Breaking news: we have a new therapeutic target in MS
The phase 2 results of the Frexalimab (anti-CD40L) study are strikingly positive. What does this mean for MS?
Did you read MS-Selfie Research Newsletter on ‘Closing in on the Cause of MS by Dissecting the Immunology of MS Disease-Modifying Therapies’ (25-May-2023)? If not, I would urge you to do so, as it gives the backstory to this newsletter.
I conclude the newsletter by discussing an immune pathway highlighted by our group and others involving CD40 and its binding partnering, the CD40 ligand (CD40L).
CD40 is a critical costimulatory signal that drives T-cell activation and is involved in B-cell and innate immune activation. As the CMSC has started and the embargo lifted, I can now tell you the phase 2 Frexalimab study results are strikingly positive. These results are the most exciting to emerge in MS in the last 12-24 months. It is also hard to believe that the AAN turned down our abstract as a late-breaker (what is happening to the AAN?).
These results say a lot about the pathogenesis of MS? Do these results confirm a critical role for T-cells in the pathogenesis of MS and prove MS is an autoimmune disease unrelated to ongoing EBV infection? Because I am convinced that EBV causes MS and that continued EBV latent-lytic cycling drives MS disease activity, these results need to be interpreted in the context of EBV.
It is no surprise to evolutionary virologists that EBV has hijacked CD40 and the CD40-ligand signalling pathways. Latent membrane protein 1 (LMP1) mimics CD40 to augment the normal CD40 signalling pathway. This gives EBV-infected cells a survival advantage. Blocking the normal CD40 pathway with Frexalimab may be enough to kill EBV-infected B-cells or at least inhibit their functioning.

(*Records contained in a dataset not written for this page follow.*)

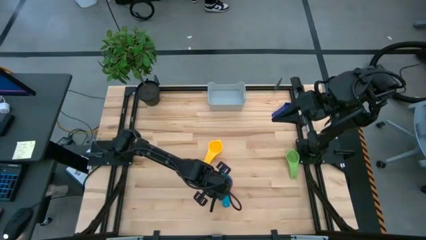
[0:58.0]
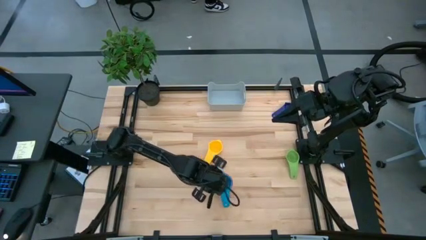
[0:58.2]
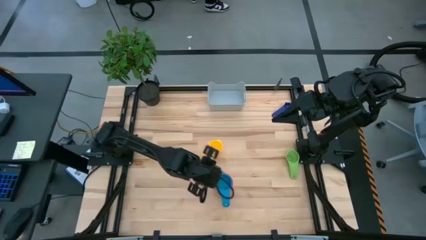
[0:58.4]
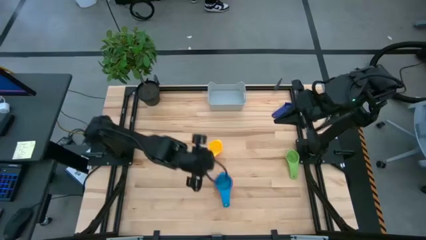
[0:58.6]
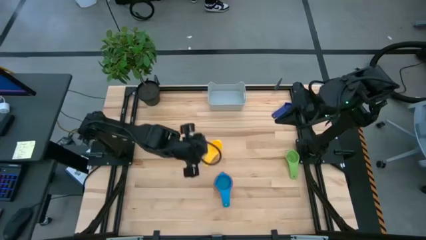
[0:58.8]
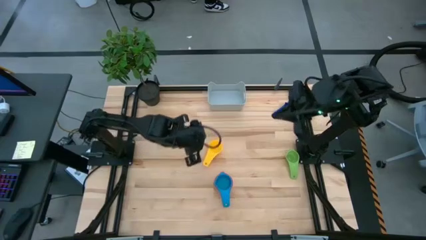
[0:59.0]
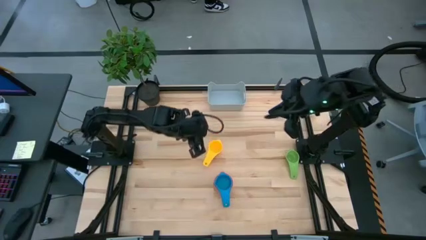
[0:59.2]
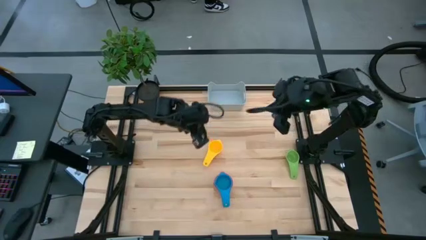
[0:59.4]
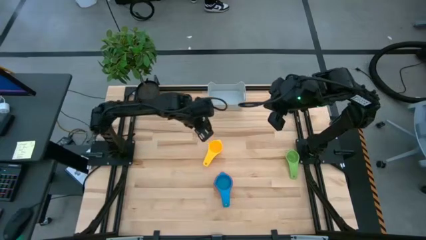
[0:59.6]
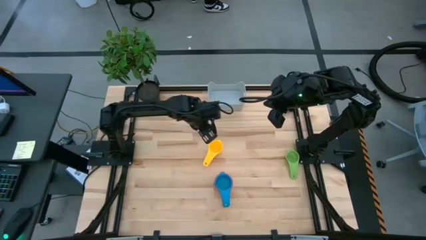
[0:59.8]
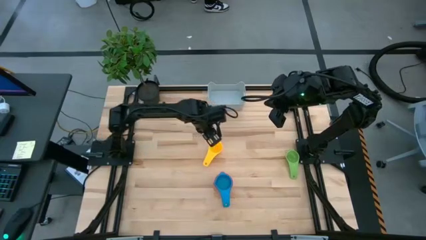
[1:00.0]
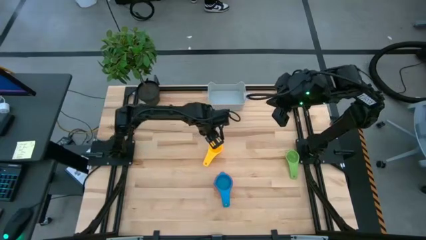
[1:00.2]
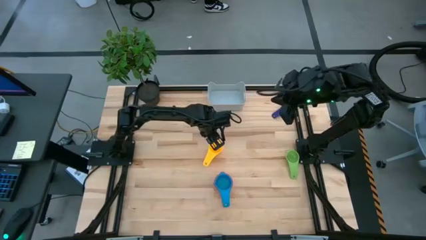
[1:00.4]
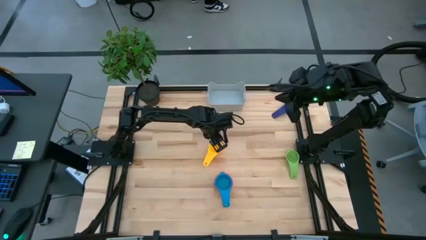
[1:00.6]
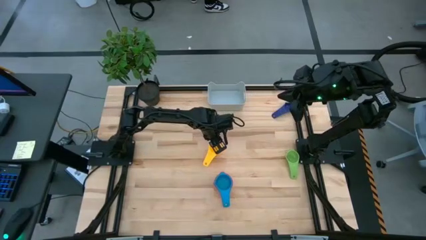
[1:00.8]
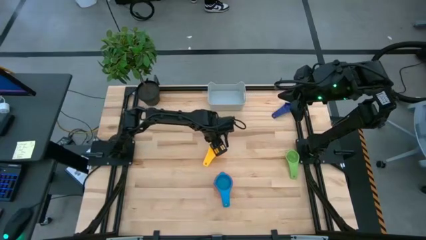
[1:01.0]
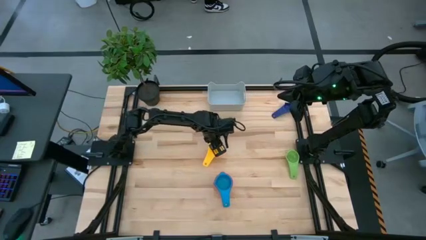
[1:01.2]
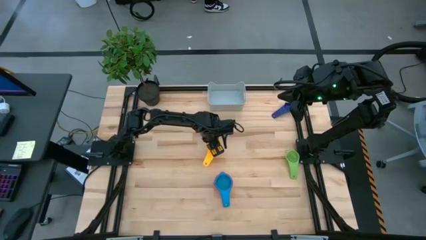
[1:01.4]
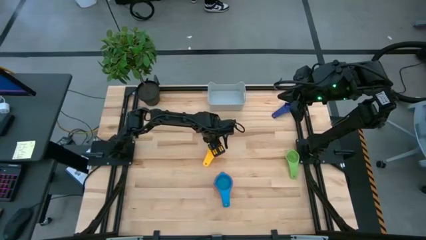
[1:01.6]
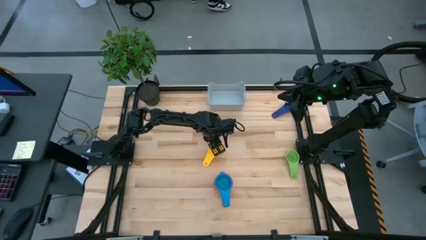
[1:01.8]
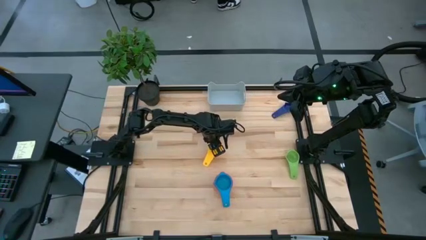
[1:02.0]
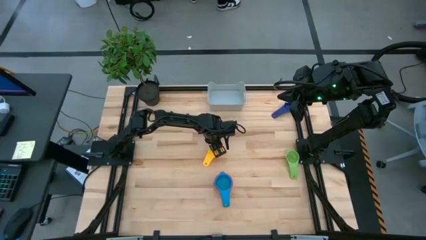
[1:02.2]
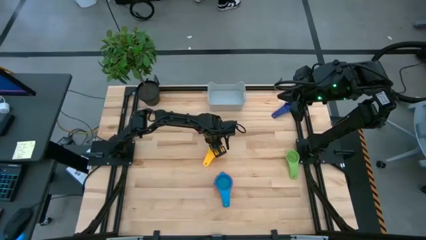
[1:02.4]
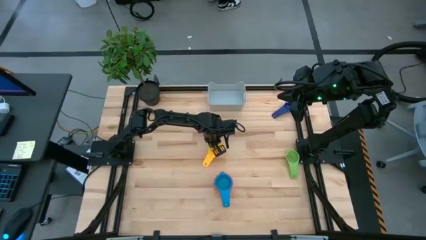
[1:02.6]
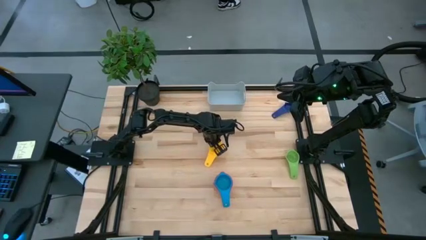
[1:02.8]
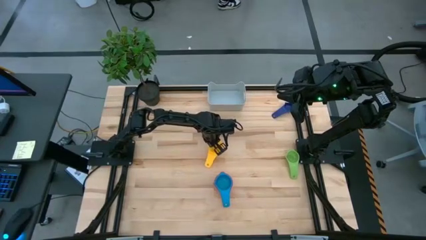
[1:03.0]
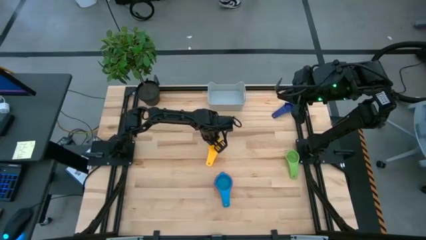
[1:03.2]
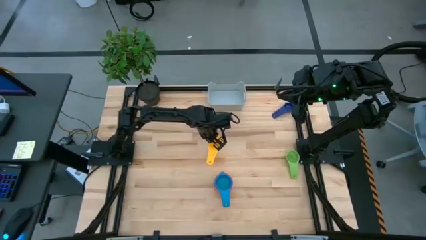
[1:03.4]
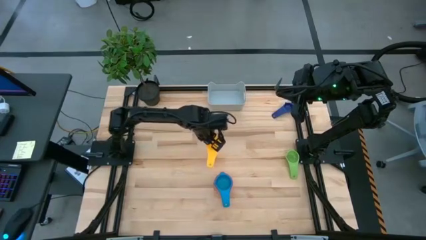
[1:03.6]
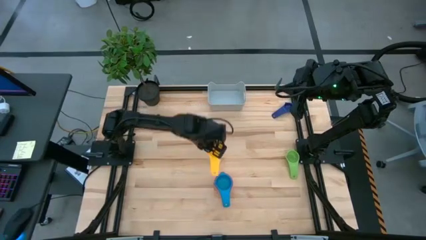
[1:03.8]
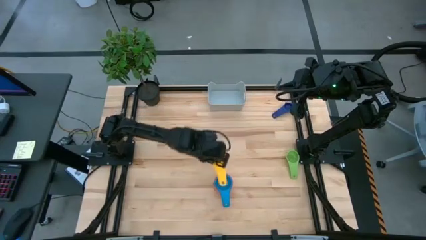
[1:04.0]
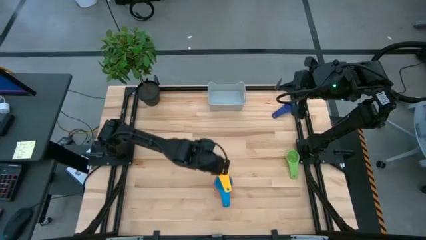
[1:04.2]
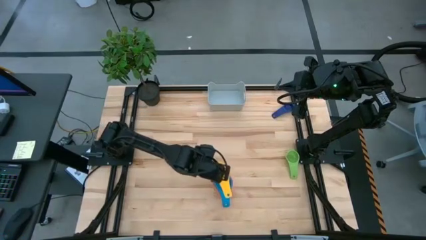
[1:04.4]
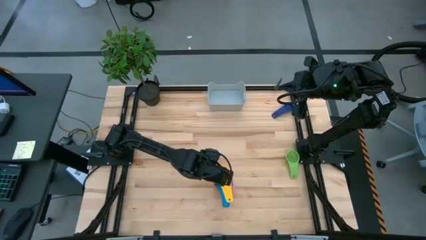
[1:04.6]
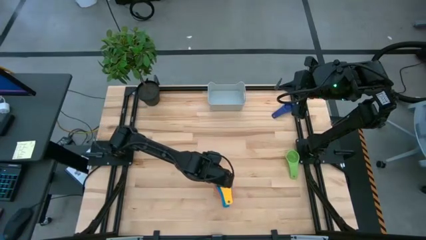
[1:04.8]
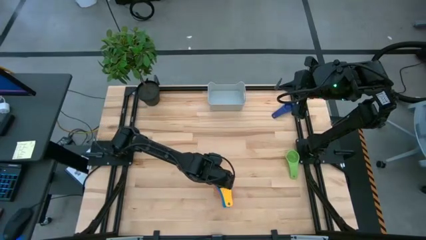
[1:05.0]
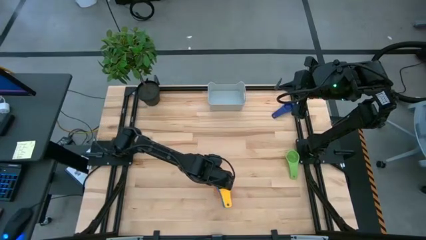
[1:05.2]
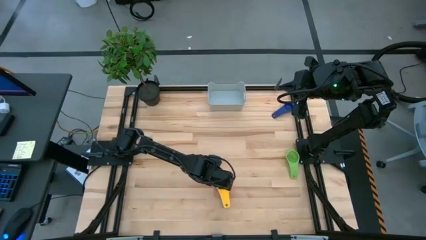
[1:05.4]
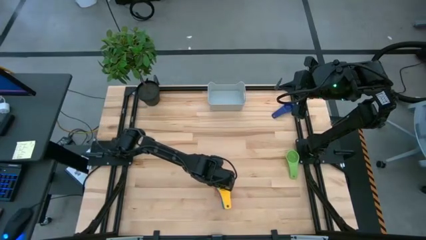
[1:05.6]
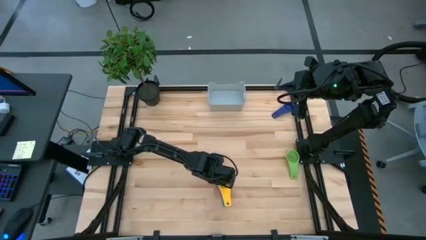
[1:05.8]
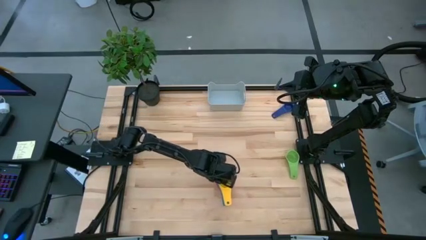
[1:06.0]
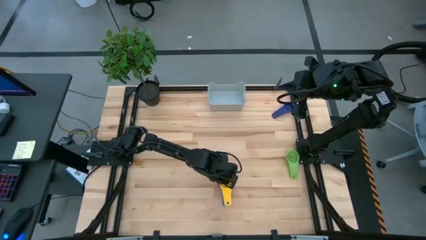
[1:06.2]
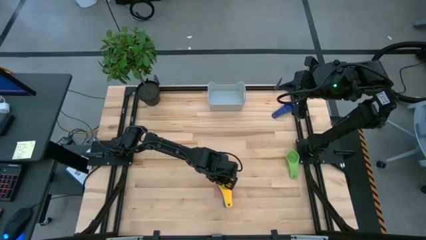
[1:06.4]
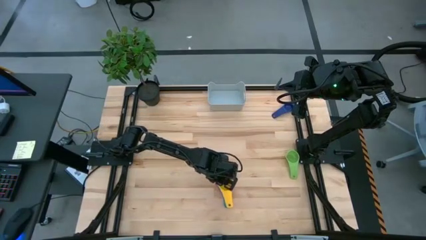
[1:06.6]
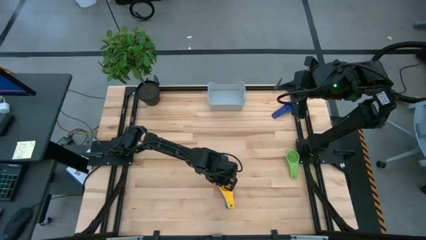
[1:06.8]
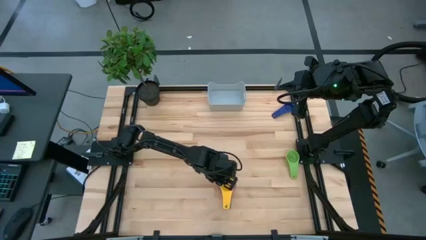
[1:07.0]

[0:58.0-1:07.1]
Task: Nest measuring cups in basket
Stack the yellow measuring cup on top of the light blue measuring cup

It has also been noted that EBV-infected B-cells express CD40L (Imadome et al. Proc Natl Acad Sci U S A. 2003 Jun 24;100(13):7836-40). Non-infected B-cells don’t express CD40L. This aberrant CD40L expression may augment EBV-infected B-cell's ability to present antigens, even autoantigens. Blocking CD40L on EBV-infected B-cells will interfere with B-cell antigen presentation by these EBV-infected cells. So, anti-CD40L may be working in MS via mechanisms linked to EBV. We must explore EBV biology in phase 3 Frexalimab clinical trials.

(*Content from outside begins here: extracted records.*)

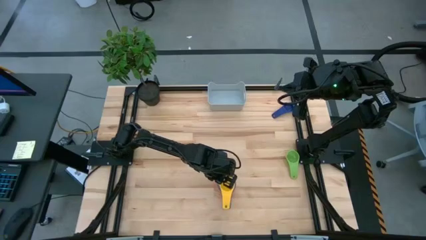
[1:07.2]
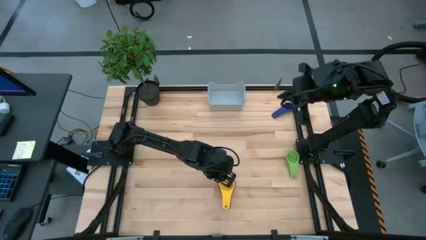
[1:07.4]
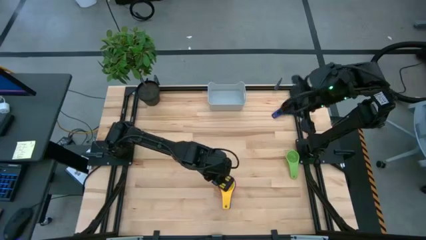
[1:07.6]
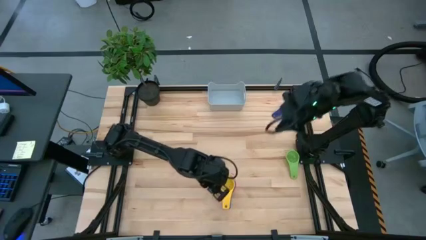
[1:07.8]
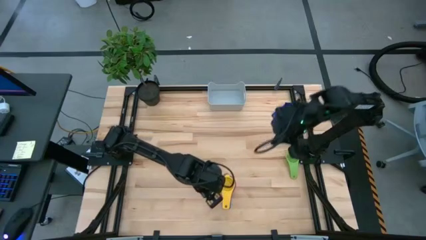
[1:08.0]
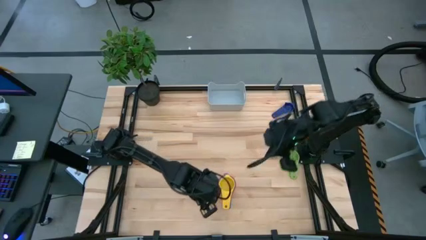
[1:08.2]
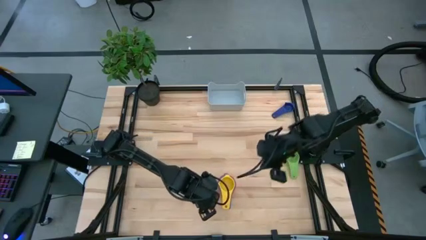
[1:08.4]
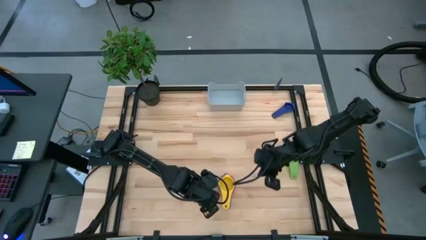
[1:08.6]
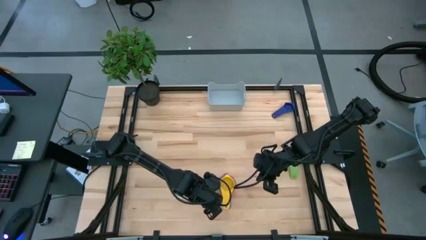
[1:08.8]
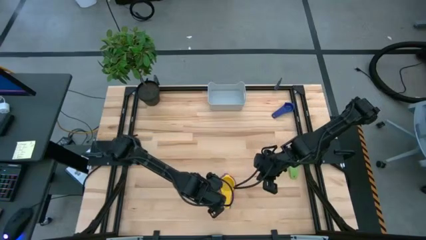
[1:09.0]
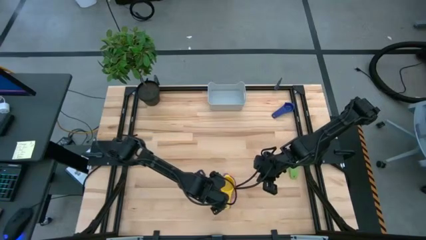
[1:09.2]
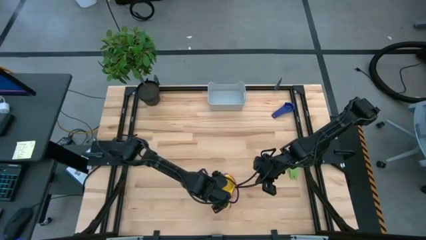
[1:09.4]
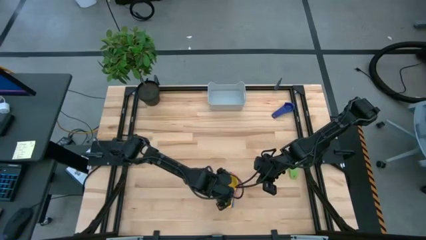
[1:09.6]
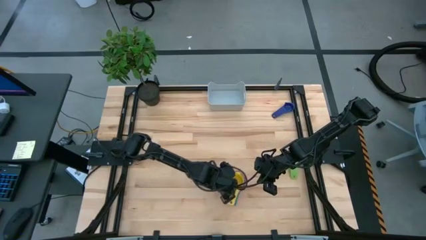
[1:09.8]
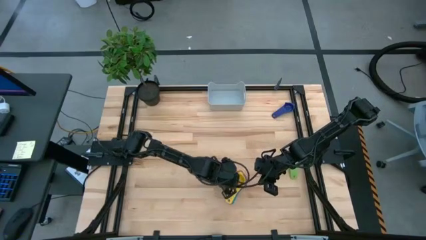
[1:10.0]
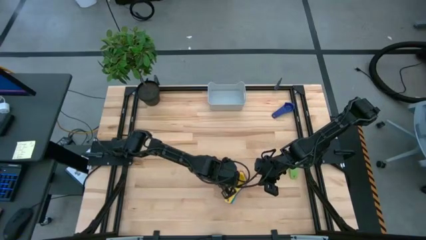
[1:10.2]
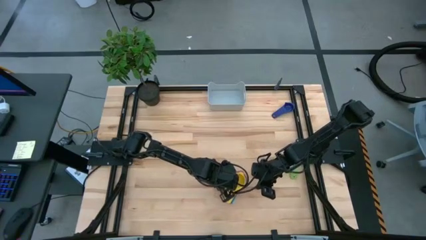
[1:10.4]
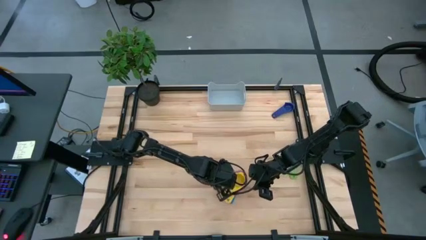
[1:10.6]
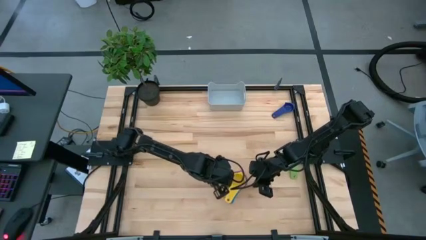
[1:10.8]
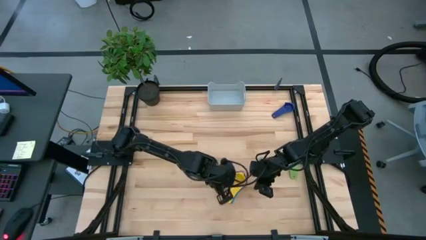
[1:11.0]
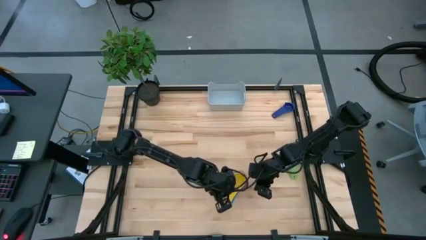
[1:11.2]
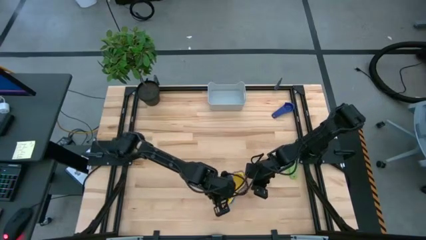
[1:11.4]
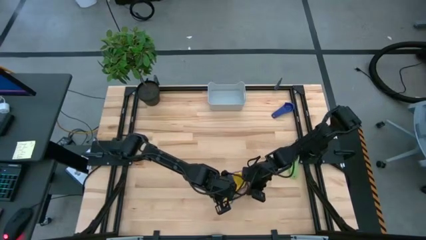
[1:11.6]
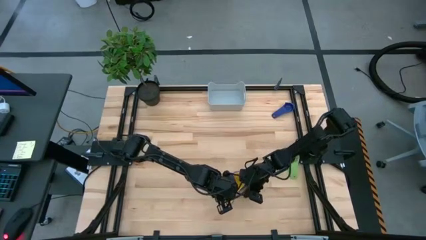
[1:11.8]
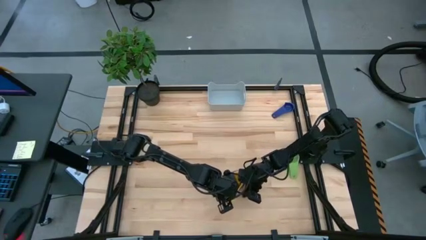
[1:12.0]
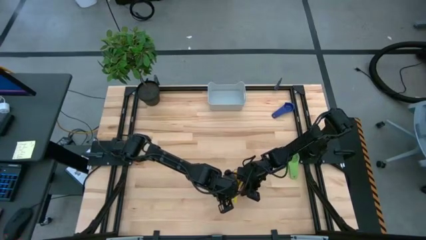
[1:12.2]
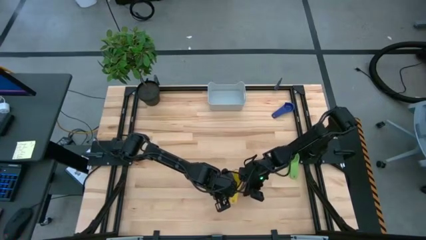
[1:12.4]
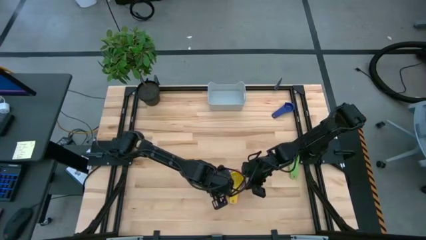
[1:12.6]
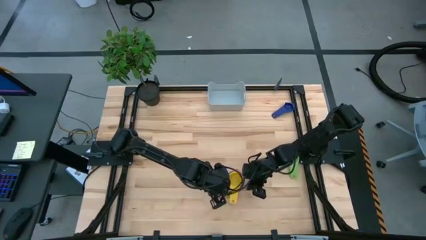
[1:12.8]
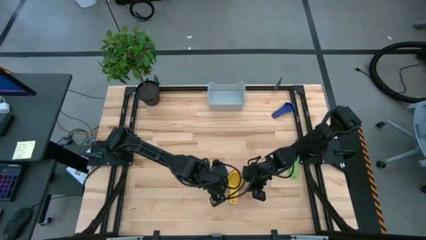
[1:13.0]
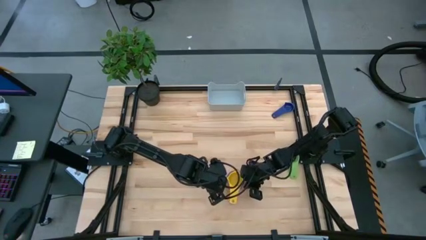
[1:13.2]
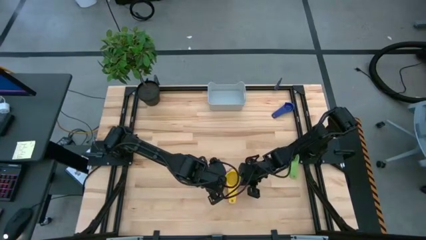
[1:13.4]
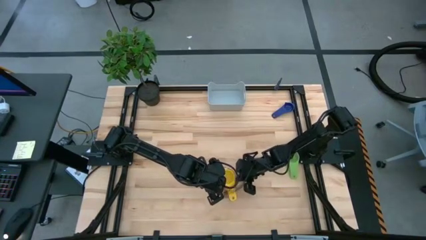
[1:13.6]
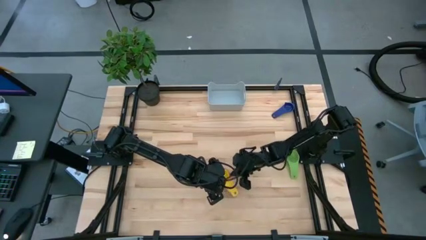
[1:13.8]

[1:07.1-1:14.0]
Adjust the stacked measuring cups on the table

Even if I am wrong about EBV and Frexalimab, there is no doubt the results of this study will send a buzz through the MS community, particularly the immunologists and genomics experts who predicted these results decades ago.

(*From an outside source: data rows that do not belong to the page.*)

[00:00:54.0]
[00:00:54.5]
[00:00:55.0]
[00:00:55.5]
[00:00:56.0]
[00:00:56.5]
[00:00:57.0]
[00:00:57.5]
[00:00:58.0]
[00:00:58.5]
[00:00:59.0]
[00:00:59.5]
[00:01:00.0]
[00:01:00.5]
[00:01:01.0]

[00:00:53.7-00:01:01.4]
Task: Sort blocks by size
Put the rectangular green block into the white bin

Could Frexalimab be doing more? Will Frexalimab put pwMS into long-term remission and mimic the stunning results we see with alemtuzumab or AHSCT? Blocking CD40-CD40L interactions should convert a T-cell activating signal into a tolerogenic signal and stop autoimmunity. This is why I am so excited about Frexalimab as a potential treatment for MS.
I am aware that the information in this newsletter is hardcore immunology, but I think you need to be mindful of the basics so you can share my enthusiasm. Please ask questions if you don’t understand anything.
Epstein-Barr virus (EBV), implicated in numerous human diseases, including lymphoid malignancies, persistently infects peripheral B cells and transforms them into lymphoblastoid cell lines. Here we found that EBV equally infected B cells from patients with X-linked hyper IgM syndrome and those from healthy donors; however, it hardly transformed X-linked hyper IgM syndrome B cells, because of the dysfunctional gene of CD40 ligand (CD40L) of the patients. Unlike CD40, CD40L is not usually expressed on B cells. However, we found that EBV infection of normal B cells induced CD40L expression as a critical effector in host cell transformation and survival. Moreover, chronic active EBV infection of peripheral T cells, implicated in T cell malignancies, was associated with ectopic expression of CD40, and, in Jurkat T cells, EBV infection induced CD40 expression. These results suggest that EBV infection induces CD40L/CD40 signaling in host cells, which appears to play an essential role in its persistent infection and malignancies of lymphocytes.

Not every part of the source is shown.